The dreaded flu season is upon us and you’re probably aware that flu vaccines are available, and offered for free to certain groups on the NHS.  Here’s some information, relative to people who are living with HIV.

!! IMPORTANT. The following information should not be interpreted as medical advice.  We are simply presenting facts and you should always speak with your doctor or medical team when discussing a change or supplementing your health care.

While a bad cold can include aching limbs, headaches and general exhaustion too, the difference with flu is it’s more severe, you’ll probably struggle to get out of bed and there’s often a fever as well.

How Serious is the flu when you’re HIV positive?

If you’re in overall good health, you’ll usually recover naturally from flu after a week or so and some sensible rest; pain-killers, plenty of fluids and keeping warm all help. However, flu can be very serious for those less able to fight off or cope with the virus.

Complications can arise, including a worsening of any pre-existing health conditions such as asthma and diabetes, and flu also leads to a number of deaths each year, particularly in the elderly. HIV infection reduces CD4 levels and function which means the bodies of individuals with a low CD4 count have to work harder to fight the flu. However, even with HIV, the human immune system can still fight the swine flu virus to a degree. Data so far does not show that people living with HIV are at a higher risk of catching swine flu virus than the rest of the population.

That being said, if you are infected (with the flu), Swine flu illness may develop at a higher rate amongst people living with HIV with a CD4 count of less than 250 cells/mm3 and not on antiretroviral therapy. Patients with CD4 count of less than 250 cells/mm3 need to contact their HIV department to start anti HIV treatment as soon as possible.

Should People Living with HIV receive the Swine flu (H1N1) vaccination ?

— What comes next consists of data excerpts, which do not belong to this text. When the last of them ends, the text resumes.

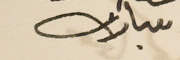
مبارك
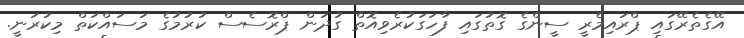
އޭގެތެރޭގައި ޕްރައިމެރީ ސީންގެ ގޮތުގައި ފާހަގަކުރެވިއޮތް ގުދަން ޕްރޮސެސް ކުރުމުގެ މަސައްކަތް މިކުރަނީ.
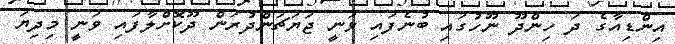
އިންޑިއާގެ ދަ ހިންދޫ ނޫހުގައި ބުނެފައި ވަނީ ޖަޔަޗަންދުރަން ދޫކޮށްލާފައި ވަނީ މިދިޔަ

“No one likes getting the flu, but while most people (including people living with HIV) are able to shake it off, people living with HIV are considered to be an at-risk group and are eligible for a free annual flu vaccination.

The influenza vaccine (flu jab) protects against different strains of flu. Unlike a cold, flu can have serious symptoms such as fever and painful limbs. It can lead to complications These can include chest infections such as bronchitis or pneumonia.

It is recommended that people Living with HIV receive the flu vaccination, as they may be at higher risk of developing serious flu and related complications. Flu vaccination should be repeated every year, as the strain of seasonal influenza infecting people changes every year.

People living with with HIV should receive the flu shot rather than the nasal spray. The shot does not contain live flu virus whereas the nasal spray contains flu virus that is alive but weakened. It is not recommended that HIV-infected people (particularly those with CD4 (T-cell) counts <250 cells/mm3) receive the nasal spray, since people with vulnerable immune systems may have a higher risk of complications from the nasal spray. You cannot get the flu from the flu shot.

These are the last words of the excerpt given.